One day, the owner of the local bank simply got tired of the talks and decided to pull out.
Let’s hope that this foreign bank and the potential local partner it is currently eyeing will have better luck. But don’t hold your breath. Daxim L. Lucas
Wait-and-see mode
Investors seem to be taking their sweet time deciding on whether to bid for any of the petroleum and coal exploration areas under the Fifth Philippine Energy Contracting Round (PECR-5).
Various investors asked about participating in the bidding have expressed concern that some of the areas might have been carried over from previous auctions or relinquished by previous takers. Still, others said investors might be concerned about risks in some areas.
Just recently, two Chinese hydrographic ships were reportedly spotted in the Recto Bank area off Palawan island in the West Philippine Sea, which is within the Philippines’ exclusive economic zone.

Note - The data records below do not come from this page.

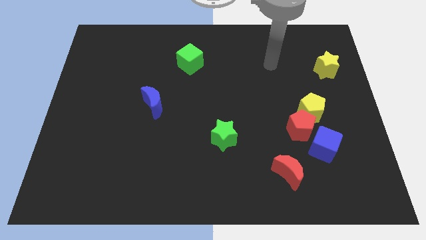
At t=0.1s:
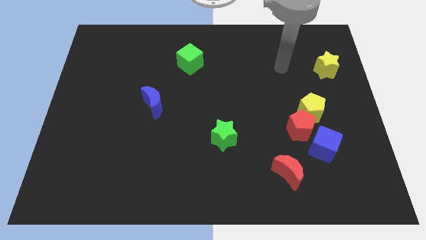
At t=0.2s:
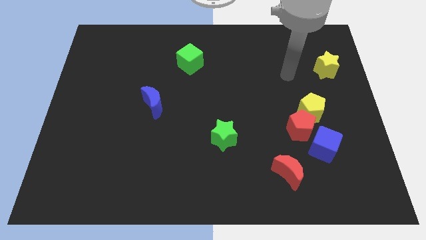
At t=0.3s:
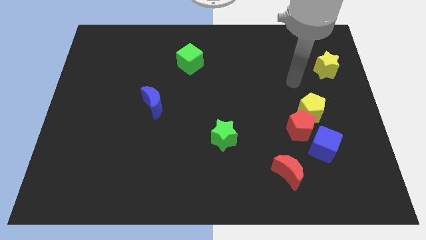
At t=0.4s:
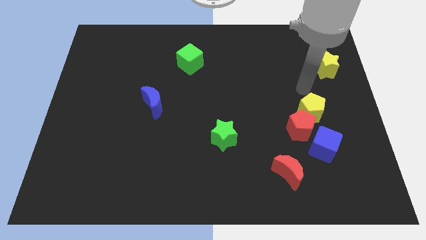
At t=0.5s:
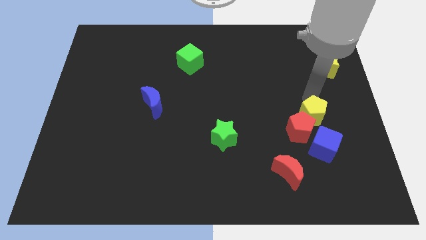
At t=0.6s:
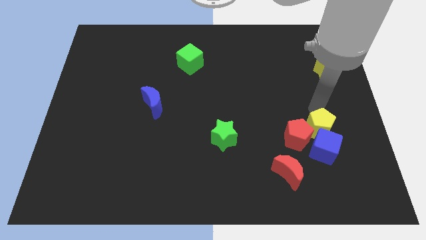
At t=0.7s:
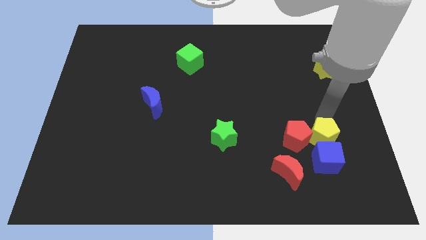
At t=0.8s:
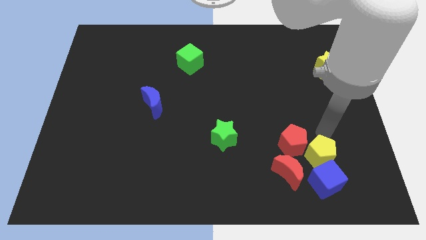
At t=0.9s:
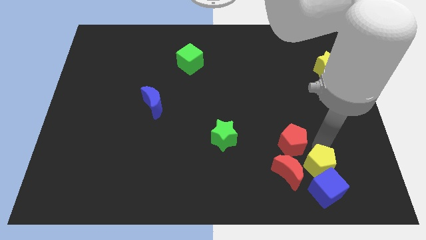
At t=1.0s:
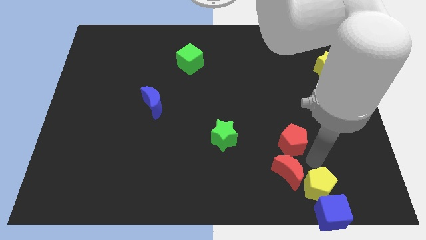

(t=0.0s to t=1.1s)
separate the red pentagon from the yellow pentagon and blue cube

“Until that is resolved, we take the position that it is Philippine territory,” Secretary Carlos Jericho Petilla said during the PECR-5 launch earlier this year. Unfortunately he has (supposedly) taken a break from interviews, (supposedly) resting his voice after suffering from a ruptured vocal chord.

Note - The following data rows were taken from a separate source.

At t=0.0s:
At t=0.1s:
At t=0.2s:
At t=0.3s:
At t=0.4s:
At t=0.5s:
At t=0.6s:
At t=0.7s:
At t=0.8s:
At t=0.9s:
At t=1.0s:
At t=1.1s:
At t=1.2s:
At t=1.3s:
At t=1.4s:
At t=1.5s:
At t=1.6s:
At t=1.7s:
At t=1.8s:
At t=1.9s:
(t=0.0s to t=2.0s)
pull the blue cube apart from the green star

Meanwhile, other DOE officials have not responded to requests for comment on potential incursions in some areas that are up for bidding.
Well, investors have until February next year to decide whether they will go ahead and take on the risks by bidding. And most seem determined to cross that bridge only when February comes around. Riza T. Olchondra
CIPC’s new power plants
Calamian Island Power Corp. (CIPC)—a joint venture of Vivant Corp.’s wholly owned subsidiary, Vivant Energy Corp. and Gigawatt Power Inc. (GPI)—is doing its share to improve the country’s power situation by inaugurating two new power plants in Palawan.
The 7.7-megawatt Coron power station and 910-kilowatt Busuanga Power Station will supply the power requirements of Busuanga Island Electric Cooperative (Biselco) for 15 years.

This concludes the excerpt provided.